SUPPLIED MATERIAL below:

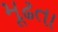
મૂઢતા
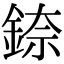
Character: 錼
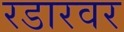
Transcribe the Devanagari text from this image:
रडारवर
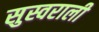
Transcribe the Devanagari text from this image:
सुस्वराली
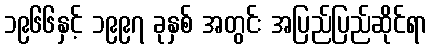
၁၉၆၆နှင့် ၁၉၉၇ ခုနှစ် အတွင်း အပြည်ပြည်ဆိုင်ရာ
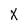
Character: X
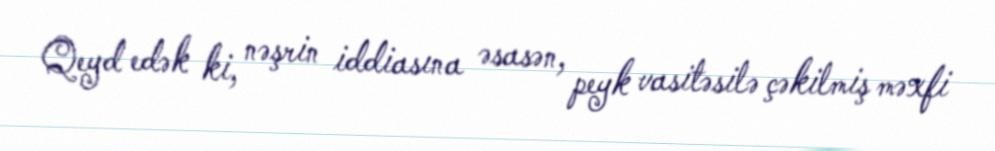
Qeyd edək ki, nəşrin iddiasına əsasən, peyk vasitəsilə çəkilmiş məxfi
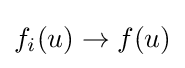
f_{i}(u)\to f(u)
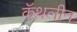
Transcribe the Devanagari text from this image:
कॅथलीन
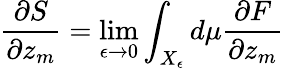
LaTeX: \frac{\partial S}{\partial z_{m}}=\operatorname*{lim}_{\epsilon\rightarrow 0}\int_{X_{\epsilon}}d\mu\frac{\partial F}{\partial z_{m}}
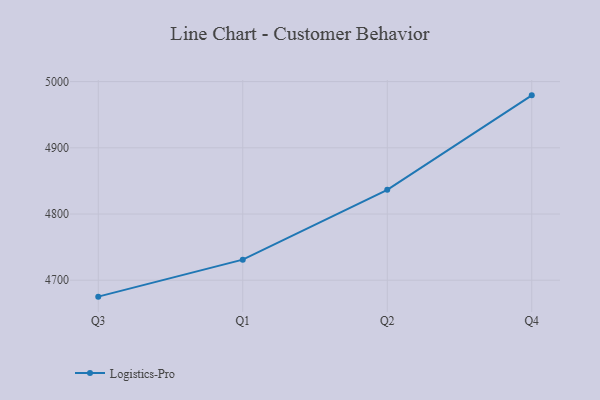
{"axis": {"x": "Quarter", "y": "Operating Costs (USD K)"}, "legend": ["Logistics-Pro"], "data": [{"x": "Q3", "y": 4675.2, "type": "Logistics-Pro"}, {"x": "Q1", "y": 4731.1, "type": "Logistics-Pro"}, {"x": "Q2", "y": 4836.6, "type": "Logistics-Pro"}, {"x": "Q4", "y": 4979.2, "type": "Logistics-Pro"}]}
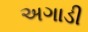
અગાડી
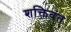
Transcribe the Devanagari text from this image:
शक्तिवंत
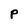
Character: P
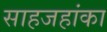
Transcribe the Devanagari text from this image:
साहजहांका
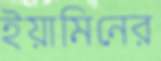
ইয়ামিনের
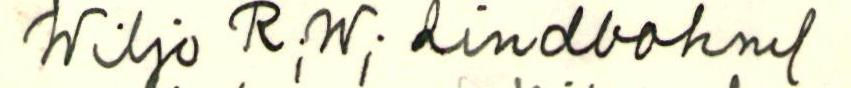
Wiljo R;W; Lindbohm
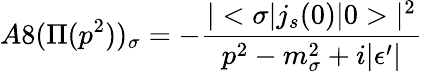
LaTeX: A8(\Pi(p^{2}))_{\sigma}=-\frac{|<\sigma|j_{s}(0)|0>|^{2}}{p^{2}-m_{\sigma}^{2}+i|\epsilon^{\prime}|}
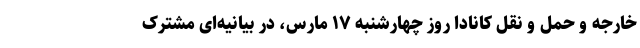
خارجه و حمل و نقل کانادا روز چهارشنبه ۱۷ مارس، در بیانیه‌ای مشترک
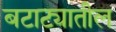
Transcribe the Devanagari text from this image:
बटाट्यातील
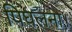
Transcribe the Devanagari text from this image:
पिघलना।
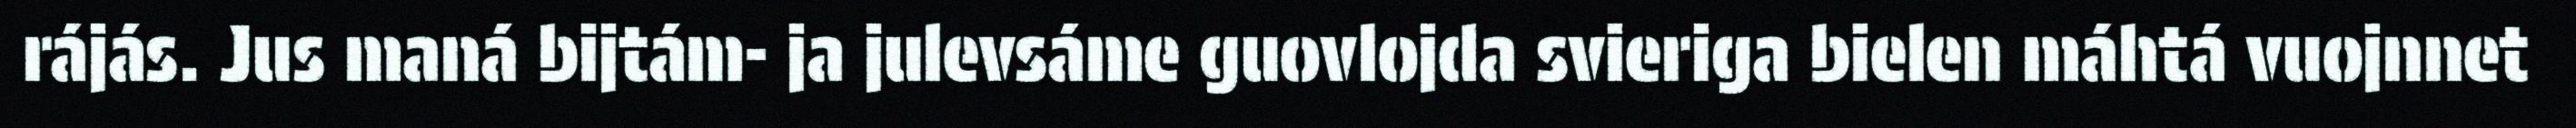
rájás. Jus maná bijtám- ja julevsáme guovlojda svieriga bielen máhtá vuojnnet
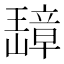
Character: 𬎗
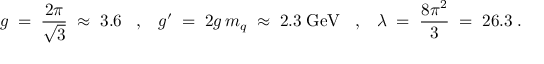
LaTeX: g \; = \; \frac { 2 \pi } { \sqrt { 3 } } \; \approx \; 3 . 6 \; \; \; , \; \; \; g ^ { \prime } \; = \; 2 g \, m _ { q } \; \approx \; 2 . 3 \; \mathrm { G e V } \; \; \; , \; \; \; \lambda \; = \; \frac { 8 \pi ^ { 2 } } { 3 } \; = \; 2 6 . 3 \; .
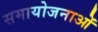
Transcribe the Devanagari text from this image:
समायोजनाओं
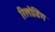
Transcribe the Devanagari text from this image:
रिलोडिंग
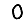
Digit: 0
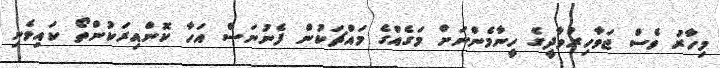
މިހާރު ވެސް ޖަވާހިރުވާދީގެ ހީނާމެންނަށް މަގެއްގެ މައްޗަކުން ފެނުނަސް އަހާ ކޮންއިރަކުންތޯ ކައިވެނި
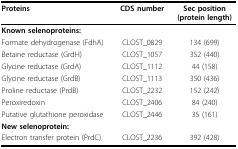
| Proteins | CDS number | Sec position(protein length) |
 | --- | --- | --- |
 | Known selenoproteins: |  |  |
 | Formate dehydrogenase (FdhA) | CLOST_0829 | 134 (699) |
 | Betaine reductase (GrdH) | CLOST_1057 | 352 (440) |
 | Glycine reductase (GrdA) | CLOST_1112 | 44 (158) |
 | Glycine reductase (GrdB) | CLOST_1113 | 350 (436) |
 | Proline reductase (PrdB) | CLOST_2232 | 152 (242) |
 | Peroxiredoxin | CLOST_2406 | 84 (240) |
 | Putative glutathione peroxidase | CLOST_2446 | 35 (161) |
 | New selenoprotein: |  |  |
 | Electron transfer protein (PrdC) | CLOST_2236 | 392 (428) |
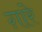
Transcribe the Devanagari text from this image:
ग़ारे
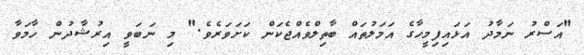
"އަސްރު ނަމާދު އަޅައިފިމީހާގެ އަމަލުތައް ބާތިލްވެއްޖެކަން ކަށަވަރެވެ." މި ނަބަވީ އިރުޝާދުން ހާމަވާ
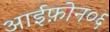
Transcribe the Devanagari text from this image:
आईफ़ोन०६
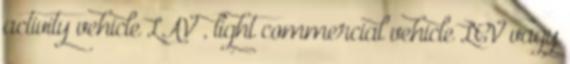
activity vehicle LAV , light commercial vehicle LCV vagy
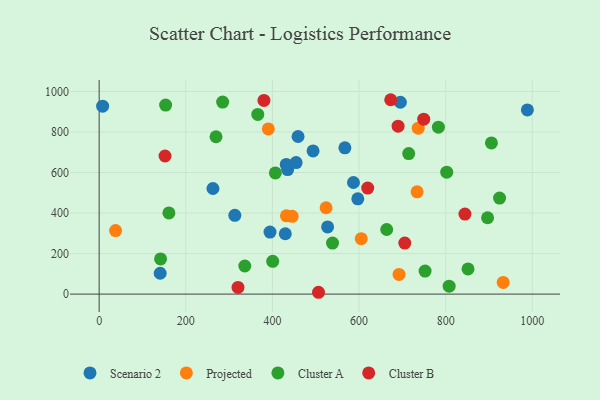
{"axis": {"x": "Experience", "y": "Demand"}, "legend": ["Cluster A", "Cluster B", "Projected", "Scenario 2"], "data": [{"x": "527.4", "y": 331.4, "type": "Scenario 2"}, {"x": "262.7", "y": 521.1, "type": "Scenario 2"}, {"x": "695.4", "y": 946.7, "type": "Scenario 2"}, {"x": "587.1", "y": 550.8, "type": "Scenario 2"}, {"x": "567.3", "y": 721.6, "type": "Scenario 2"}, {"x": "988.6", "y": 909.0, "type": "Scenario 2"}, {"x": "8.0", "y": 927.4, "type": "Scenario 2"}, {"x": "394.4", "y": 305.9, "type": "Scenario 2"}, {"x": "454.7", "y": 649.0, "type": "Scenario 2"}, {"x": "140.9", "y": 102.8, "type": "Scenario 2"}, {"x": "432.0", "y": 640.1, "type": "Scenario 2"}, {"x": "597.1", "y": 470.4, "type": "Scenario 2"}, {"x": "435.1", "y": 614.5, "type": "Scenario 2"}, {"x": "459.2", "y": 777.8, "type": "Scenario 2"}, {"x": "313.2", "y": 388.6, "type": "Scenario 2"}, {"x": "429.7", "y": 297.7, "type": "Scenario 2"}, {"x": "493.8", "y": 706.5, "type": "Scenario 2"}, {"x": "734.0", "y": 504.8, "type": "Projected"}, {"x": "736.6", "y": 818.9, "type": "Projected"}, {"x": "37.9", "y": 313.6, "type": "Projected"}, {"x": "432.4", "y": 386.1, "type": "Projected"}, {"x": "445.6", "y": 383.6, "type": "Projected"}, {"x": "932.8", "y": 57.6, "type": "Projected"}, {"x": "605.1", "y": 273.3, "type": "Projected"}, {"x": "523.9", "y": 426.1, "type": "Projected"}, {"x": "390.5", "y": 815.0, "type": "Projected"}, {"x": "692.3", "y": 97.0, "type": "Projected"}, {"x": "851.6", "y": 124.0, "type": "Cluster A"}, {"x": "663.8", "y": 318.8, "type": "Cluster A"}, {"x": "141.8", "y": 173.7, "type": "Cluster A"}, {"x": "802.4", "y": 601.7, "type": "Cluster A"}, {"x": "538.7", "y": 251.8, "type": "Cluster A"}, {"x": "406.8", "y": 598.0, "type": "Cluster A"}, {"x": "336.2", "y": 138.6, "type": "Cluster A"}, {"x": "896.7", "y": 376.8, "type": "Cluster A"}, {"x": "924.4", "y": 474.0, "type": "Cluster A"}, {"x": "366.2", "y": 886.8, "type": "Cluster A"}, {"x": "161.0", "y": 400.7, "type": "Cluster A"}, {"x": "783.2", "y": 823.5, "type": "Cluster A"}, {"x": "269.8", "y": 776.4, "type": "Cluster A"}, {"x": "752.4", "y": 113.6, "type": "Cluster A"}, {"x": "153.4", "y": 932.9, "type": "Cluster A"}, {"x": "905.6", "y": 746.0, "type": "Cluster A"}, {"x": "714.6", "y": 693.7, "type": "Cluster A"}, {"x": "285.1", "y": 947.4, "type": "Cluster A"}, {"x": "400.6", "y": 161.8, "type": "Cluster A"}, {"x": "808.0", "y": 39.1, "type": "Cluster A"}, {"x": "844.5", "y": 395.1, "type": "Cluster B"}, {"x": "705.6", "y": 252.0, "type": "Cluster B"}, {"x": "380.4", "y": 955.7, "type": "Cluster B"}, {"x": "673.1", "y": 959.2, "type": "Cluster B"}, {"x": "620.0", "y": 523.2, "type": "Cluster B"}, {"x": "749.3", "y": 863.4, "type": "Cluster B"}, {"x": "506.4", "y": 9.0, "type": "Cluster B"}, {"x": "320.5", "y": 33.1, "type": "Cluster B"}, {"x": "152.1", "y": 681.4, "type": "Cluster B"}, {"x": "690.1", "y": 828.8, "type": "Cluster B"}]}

End of SUPPLIED MATERIAL.
SUPPLIED MATERIAL below:

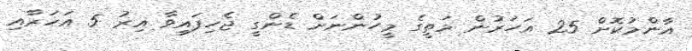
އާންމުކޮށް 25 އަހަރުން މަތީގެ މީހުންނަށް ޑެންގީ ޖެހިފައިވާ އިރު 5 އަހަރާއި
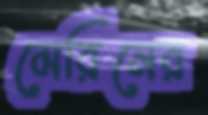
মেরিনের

End of SUPPLIED MATERIAL.
SUPPLIED MATERIAL below:

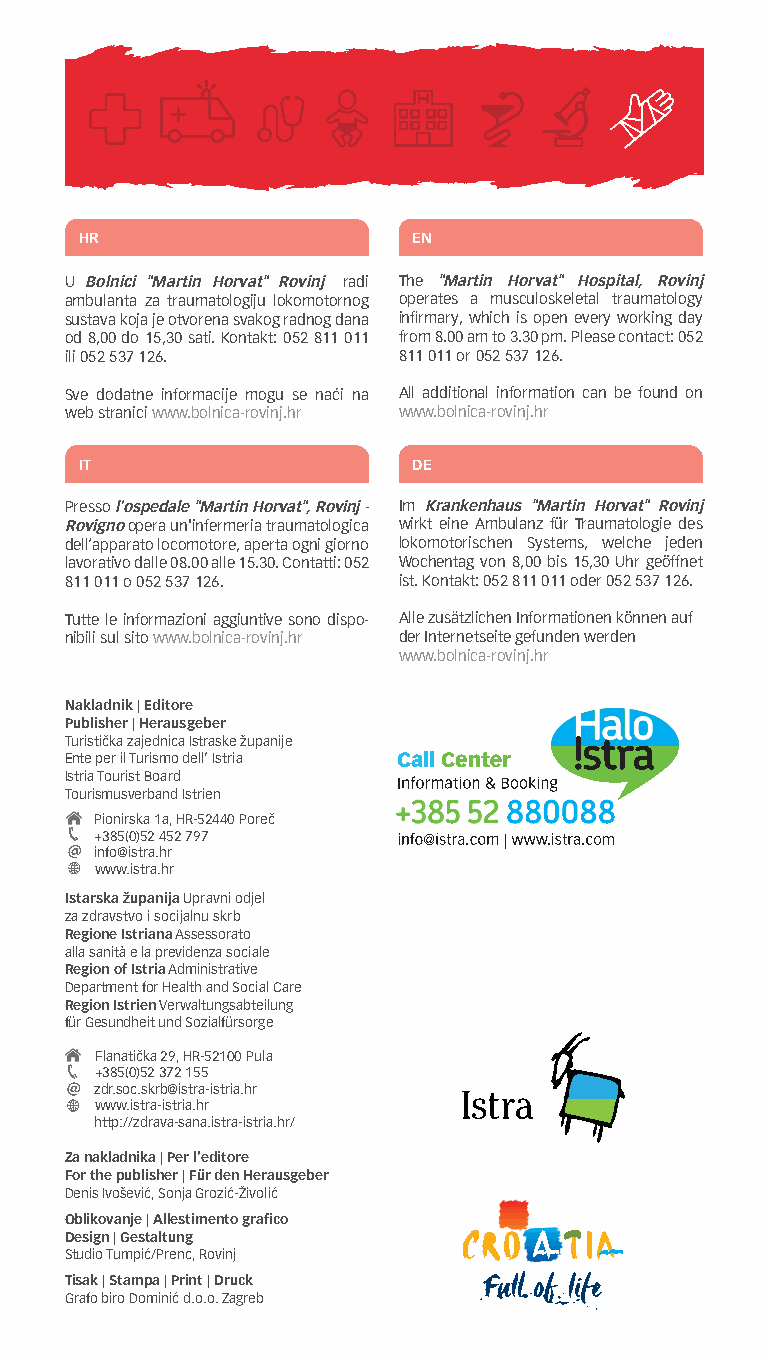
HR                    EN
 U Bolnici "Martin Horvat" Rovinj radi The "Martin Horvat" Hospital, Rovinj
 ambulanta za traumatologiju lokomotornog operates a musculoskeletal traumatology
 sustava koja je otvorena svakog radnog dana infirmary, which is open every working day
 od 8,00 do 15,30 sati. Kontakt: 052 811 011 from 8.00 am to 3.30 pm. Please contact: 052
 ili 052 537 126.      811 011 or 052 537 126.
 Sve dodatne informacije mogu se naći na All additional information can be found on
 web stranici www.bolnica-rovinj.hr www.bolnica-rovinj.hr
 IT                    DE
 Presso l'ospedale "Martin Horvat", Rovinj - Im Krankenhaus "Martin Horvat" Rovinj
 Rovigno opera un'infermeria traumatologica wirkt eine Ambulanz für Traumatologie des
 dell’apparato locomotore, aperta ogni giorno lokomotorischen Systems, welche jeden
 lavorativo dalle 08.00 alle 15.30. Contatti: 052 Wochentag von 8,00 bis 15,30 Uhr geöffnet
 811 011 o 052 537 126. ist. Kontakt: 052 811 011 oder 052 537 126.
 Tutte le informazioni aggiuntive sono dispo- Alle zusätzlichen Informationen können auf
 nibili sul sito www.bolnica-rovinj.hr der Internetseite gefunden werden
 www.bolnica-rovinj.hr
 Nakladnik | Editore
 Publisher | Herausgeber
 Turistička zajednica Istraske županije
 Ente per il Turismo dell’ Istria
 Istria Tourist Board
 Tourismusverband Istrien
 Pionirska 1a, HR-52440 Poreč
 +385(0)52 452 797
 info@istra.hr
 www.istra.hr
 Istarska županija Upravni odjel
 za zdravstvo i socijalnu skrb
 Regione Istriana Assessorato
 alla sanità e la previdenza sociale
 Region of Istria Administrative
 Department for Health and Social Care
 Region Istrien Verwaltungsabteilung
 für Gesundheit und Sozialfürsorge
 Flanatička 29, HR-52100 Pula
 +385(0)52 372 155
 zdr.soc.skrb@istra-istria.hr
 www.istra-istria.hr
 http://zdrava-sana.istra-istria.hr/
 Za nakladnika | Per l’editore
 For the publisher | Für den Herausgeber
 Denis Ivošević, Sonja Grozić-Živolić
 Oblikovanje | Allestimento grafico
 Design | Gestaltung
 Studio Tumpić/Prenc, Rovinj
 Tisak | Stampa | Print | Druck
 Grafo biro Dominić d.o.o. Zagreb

End of SUPPLIED MATERIAL.

- [EXERCISE REQUIREMENTS]:
Given the records above, return exactly the lines starting at the line containing "web stranici www.bolnica-rovinj.hr" and ending at the line containing "nibili sul sito", including both.

- [RESPONSE TO THE TASK]:
 web stranici www.bolnica-rovinj.hr www.bolnica-rovinj.hr
 IT                    DE
 Presso l'ospedale "Martin Horvat", Rovinj - Im Krankenhaus "Martin Horvat" Rovinj
 Rovigno opera un'infermeria traumatologica wirkt eine Ambulanz für Traumatologie des
 dell’apparato locomotore, aperta ogni giorno lokomotorischen Systems, welche jeden
 lavorativo dalle 08.00 alle 15.30. Contatti: 052 Wochentag von 8,00 bis 15,30 Uhr geöffnet
 811 011 o 052 537 126. ist. Kontakt: 052 811 011 oder 052 537 126.
 Tutte le informazioni aggiuntive sono dispo- Alle zusätzlichen Informationen können auf
 nibili sul sito www.bolnica-rovinj.hr der Internetseite gefunden werden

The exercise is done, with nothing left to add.